Las dosis dietéticas recomendadas (RDA) para el zinc se enumeran a continuación:
- Desde el nacimiento hasta los 6 meses
- Masculino: 2mg
- Mujer: 2mg
- Los valores de embarazo y lactancia no se especifican para este grupo de edad.
- 7 meses a 3 años
- Masculino: 3mg
- Mujer: 3mg
- Los valores de embarazo y lactancia no se especifican para este grupo de edad.
- 4 a 8 años
- Hombre: 5mg
- Mujer: 5mg
- Los valores de embarazo y lactancia no se especifican para este grupo de edad.
- 9 a 13 años
- Masculino: 8mg
- Mujer: 8mg
- Los valores de embarazo y lactancia no se especifican para este grupo de edad.
- 14 a 18 años
- Hombre: 11mg
- Mujer: 9mg
- Embarazo: 12mg
- Lactancia: 13mg
- 19 años o más
- Hombre: 11mg
- Mujer: 8mg
- Embarazo: 11mg
- Lactancia: 12mg
Tener una deficiencia de zinc es raro en los Estados Unidos, pero aún así es muy posible. Las personas con mayor riesgo de deficiencia de zinc incluyen:
- Niños
- Mujeres embarazadas
- Adultos mayores
- Personas que tienen una condición de salud que puede contribuir a la desnutrición, como trastornos del intestino o de la alimentación.

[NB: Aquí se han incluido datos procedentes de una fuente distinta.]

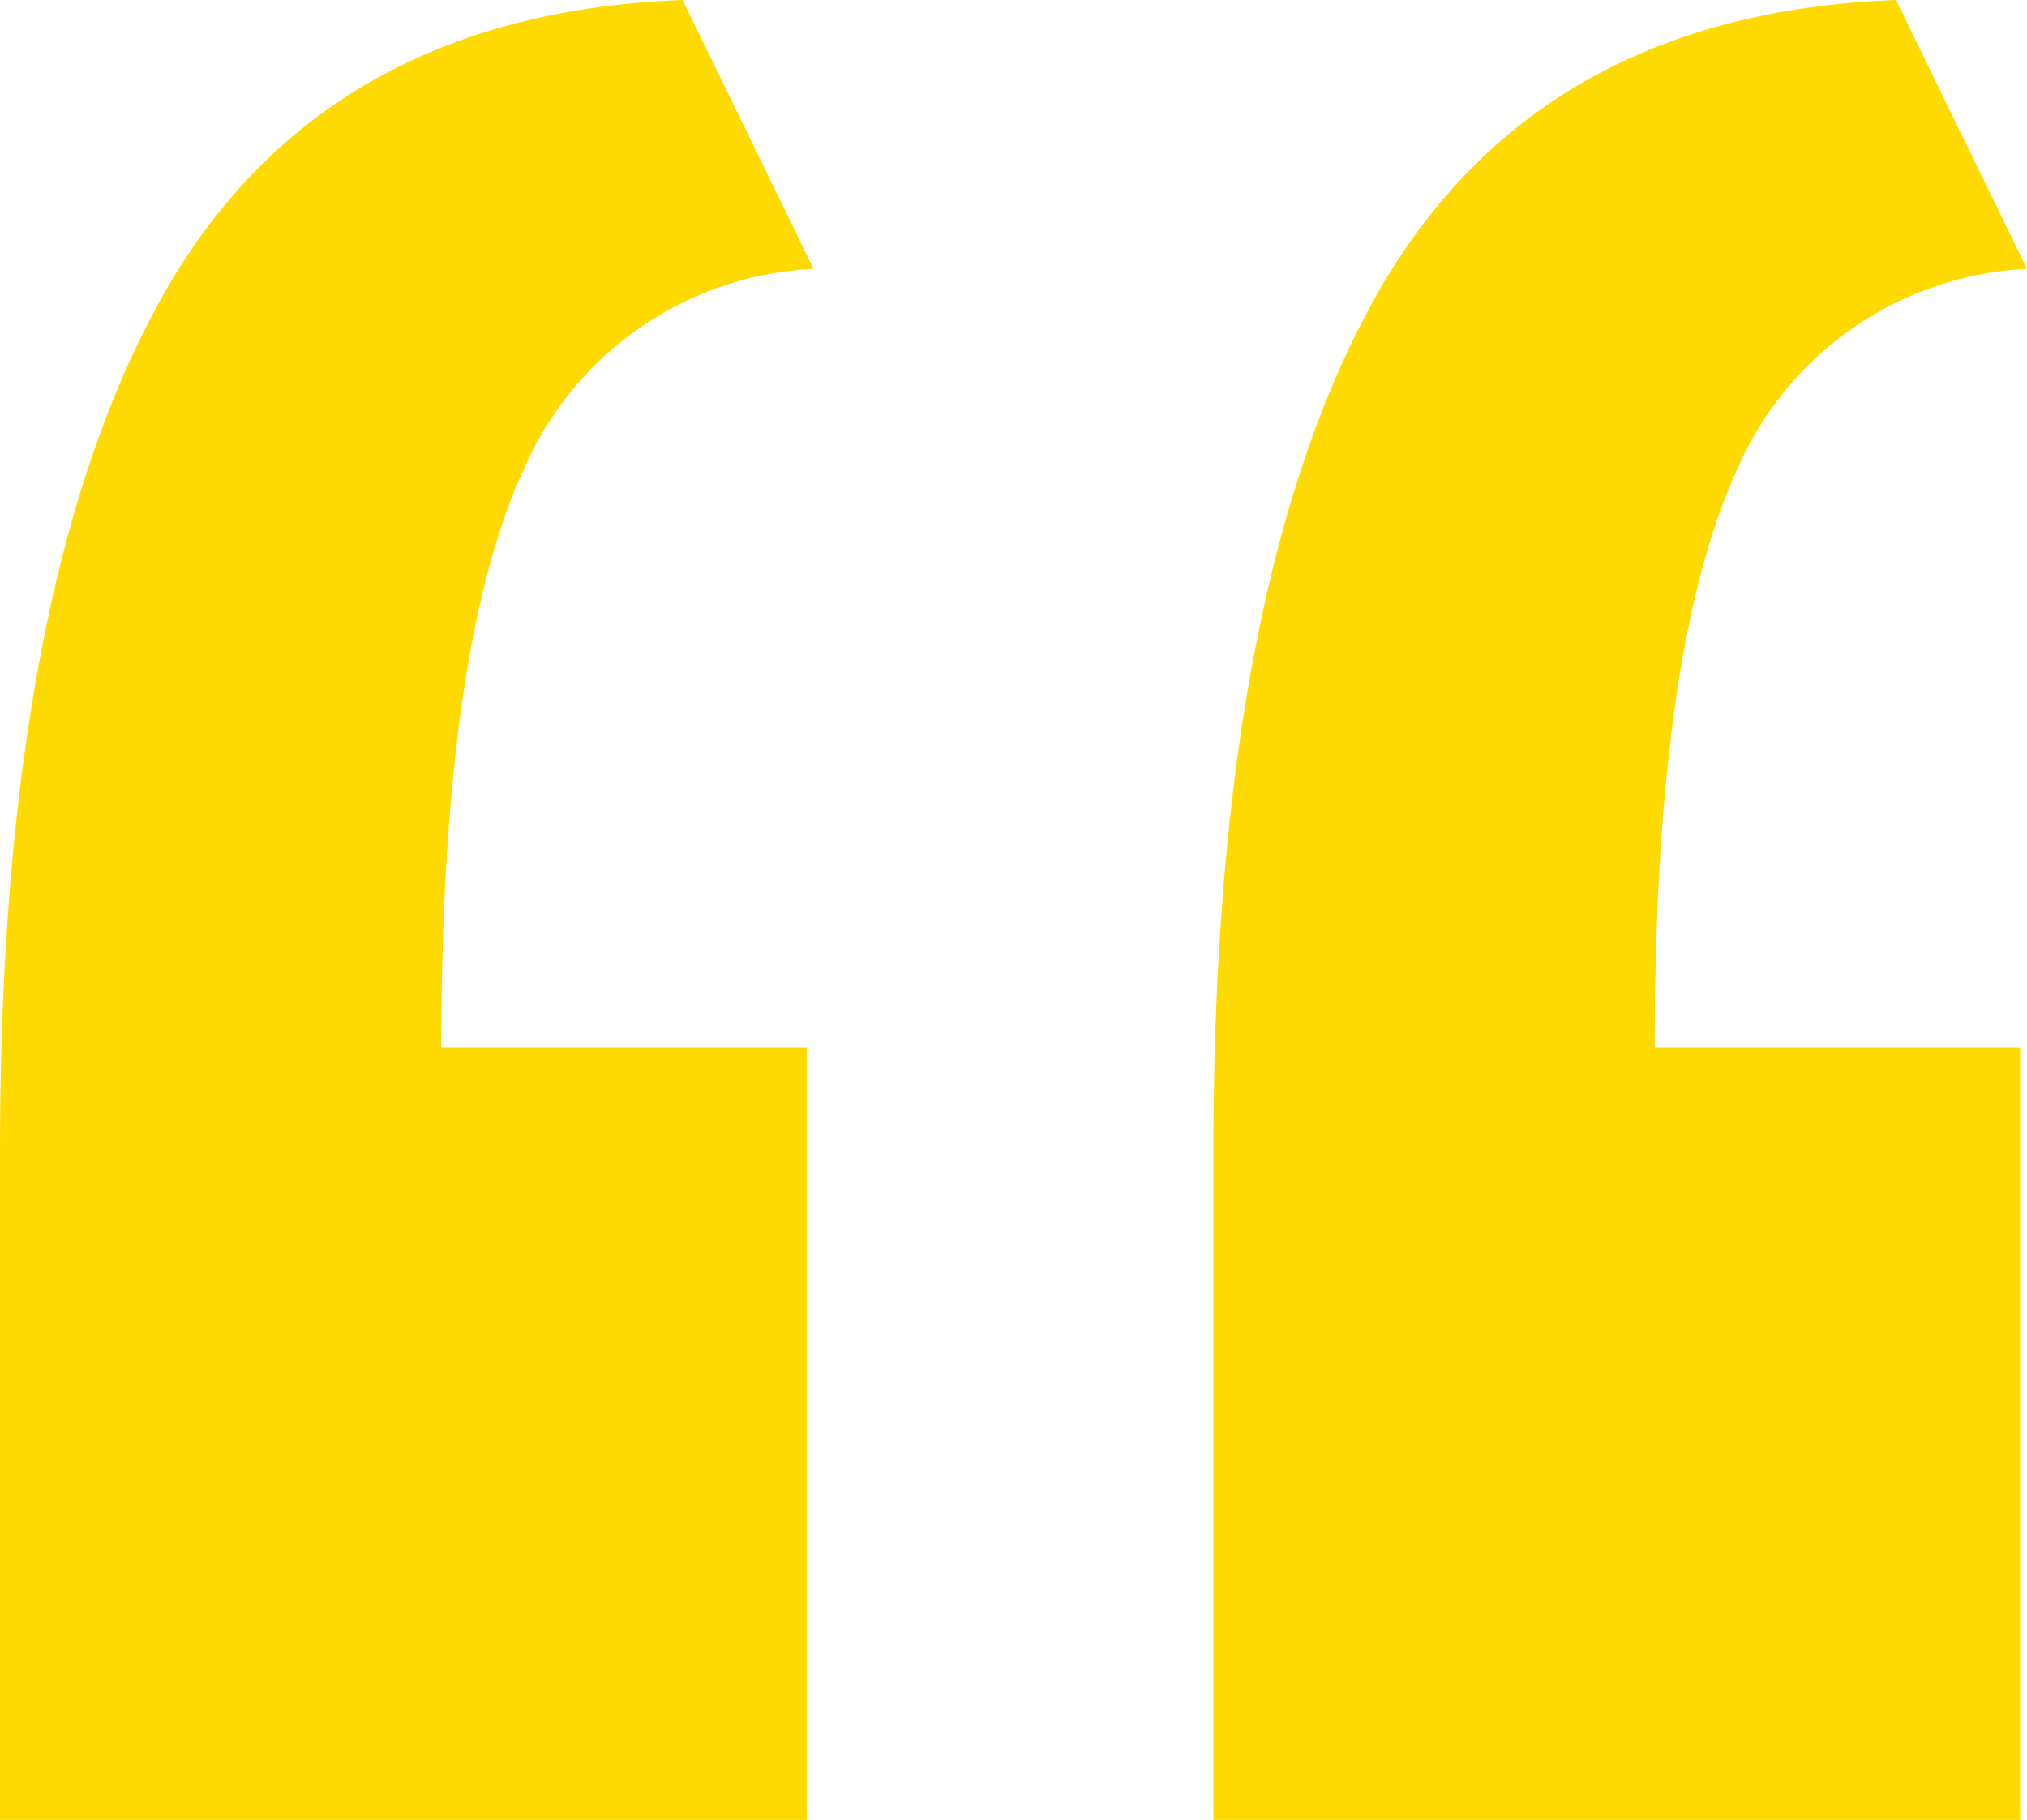 <svg xmlns="http://www.w3.org/2000/svg" width="50.114" height="45" viewBox="0 0 50.114 45">
  <path d="M9.3,133.566q0-13.807,3.92-20.966t12.955-7.5l3.239,6.648a8.235,8.235,0,0,0-7.159,4.943q-2.045,4.432-2.045,14.318h9.034V150.1H9.3Zm30,0q0-13.807,3.92-20.966t12.955-7.5l3.239,6.648a8.235,8.235,0,0,0-7.159,4.943q-2.045,4.432-2.045,14.318h9.034V150.1H39.3Z" transform="translate(-9.3 -105.1)" fill="#ffda00"/>
</svg>

Estas personas pueden beneficiarse particularmente de tomar un suplemento de zinc. Para ellos y para todos los demás, la suplementación con zinc solo debe hacerse bajo la guía de un profesional médico.
¿Qué alimentos tienen zinc?
Tu cuerpo no almacena zinc. Esto hace que sea muy importante obtener suficiente zinc en su dieta de forma regular. Hay muchas fuentes alimenticias diferentes de zinc, incluyendo:
- Mariscos como ostras, cangrejo y langosta
- Aves como pollo y pavo
- Carnes rojas como carne de res y cerdo
- Lentejas
- Semillas de calabaza; y
- los cacahuates
- Productos lácteos bajos en grasa como leche, yogur y queso
En resumen
El zinc juega muchas funciones importantes en tu cuerpo, desde las funciones básicas de crecimiento y desarrollo adecuados hasta cosas como la curación de heridas y la protección contra enfermedades. Sin zinc, tu cuerpo no sería lo que es hoy. Dado que el zinc debe provenir de su dieta, es importante asegurarse de que está comiendo una dieta equilibrada que incluya alimentos ricos en zinc, como carnes, lentejas y ciertos frutos secos y semillas. También puede hablar con su médico para determinar si tomar un suplemento de zinc puede ser beneficioso para usted.